**EXERCISE:** Leave every picture out, and retype all the remaining records exactly.

**SOURCE DATA:**
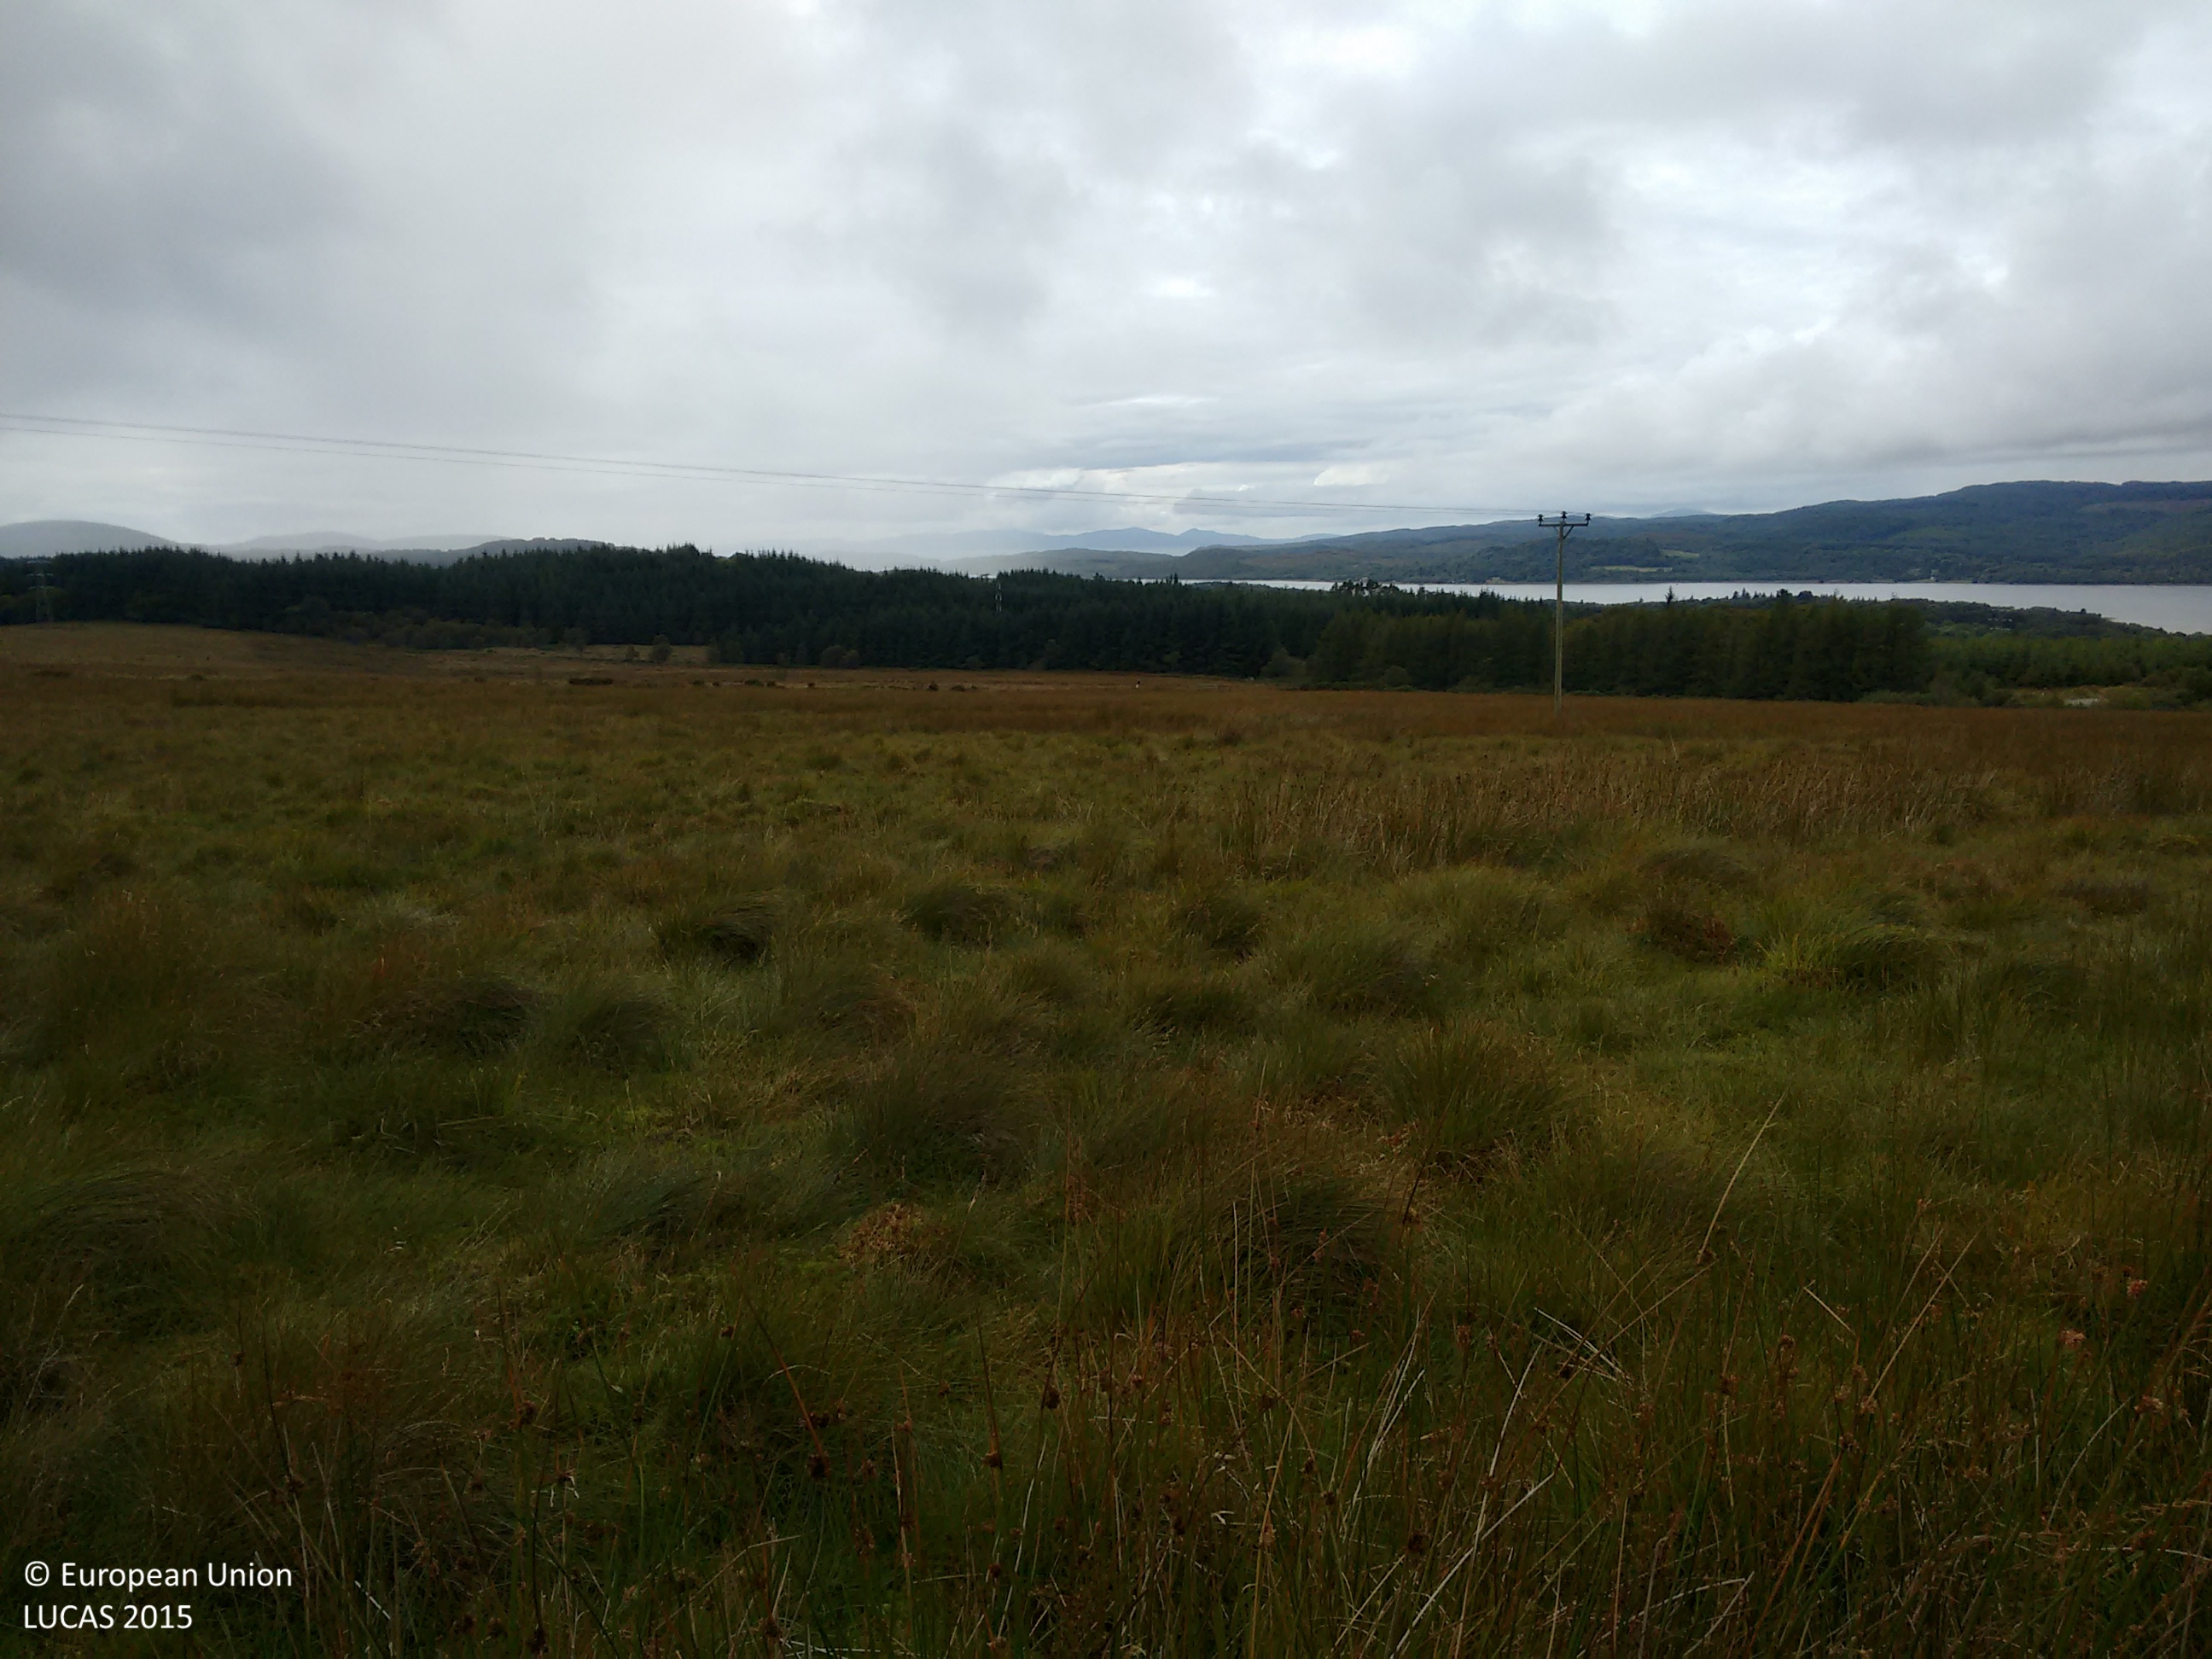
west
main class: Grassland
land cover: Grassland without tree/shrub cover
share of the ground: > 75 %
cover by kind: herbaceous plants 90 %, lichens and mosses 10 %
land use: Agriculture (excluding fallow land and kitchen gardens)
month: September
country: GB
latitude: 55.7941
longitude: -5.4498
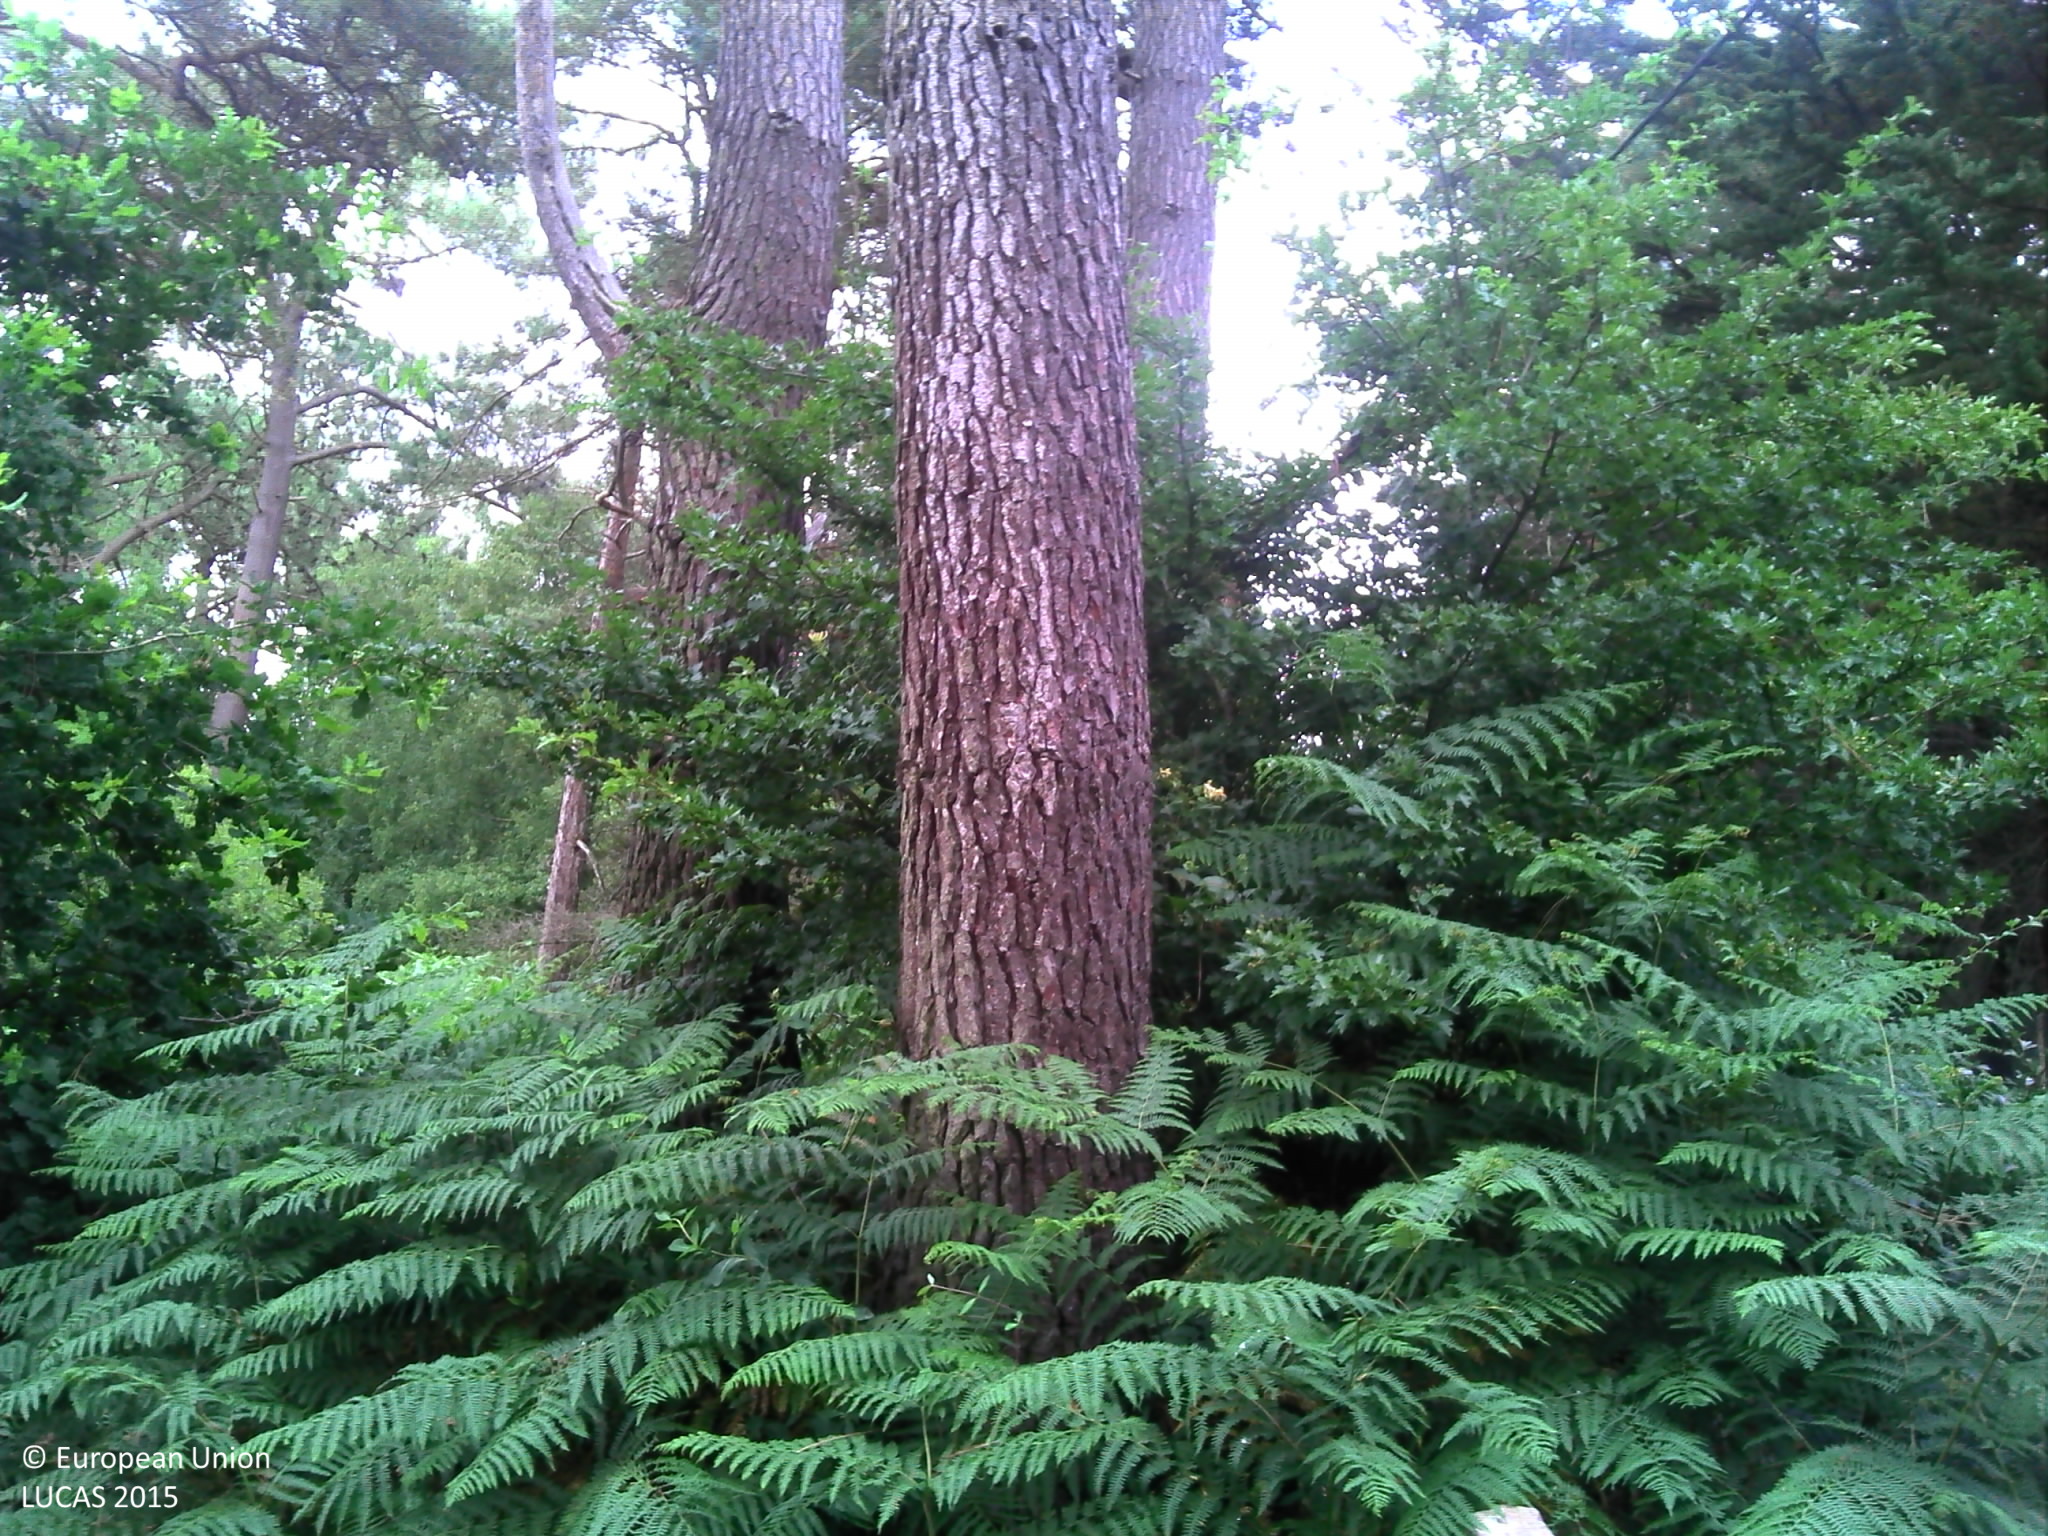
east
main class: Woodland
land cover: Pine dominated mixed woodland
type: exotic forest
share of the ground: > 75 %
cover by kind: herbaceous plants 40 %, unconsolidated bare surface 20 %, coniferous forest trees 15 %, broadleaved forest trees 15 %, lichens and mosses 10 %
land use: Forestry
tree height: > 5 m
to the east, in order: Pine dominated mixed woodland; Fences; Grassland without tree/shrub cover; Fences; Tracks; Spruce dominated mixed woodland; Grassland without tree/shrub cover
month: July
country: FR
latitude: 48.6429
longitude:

**RESULT OF THIS EXERCISE:**
west
main class: Grassland
land cover: Grassland without tree/shrub cover
share of the ground: > 75 %
cover by kind: herbaceous plants 90 %, lichens and mosses 10 %
land use: Agriculture (excluding fallow land and kitchen gardens)
month: September
country: GB
latitude: 55.7941
longitude: -5.4498
east
main class: Woodland
land cover: Pine dominated mixed woodland
type: exotic forest
share of the ground: > 75 %
cover by kind: herbaceous plants 40 %, unconsolidated bare surface 20 %, coniferous forest trees 15 %, broadleaved forest trees 15 %, lichens and mosses 10 %
land use: Forestry
tree height: > 5 m
to the east, in order: Pine dominated mixed woodland; Fences; Grassland without tree/shrub cover; Fences; Tracks; Spruce dominated mixed woodland; Grassland without tree/shrub cover
month: July
country: FR
latitude: 48.6429
longitude:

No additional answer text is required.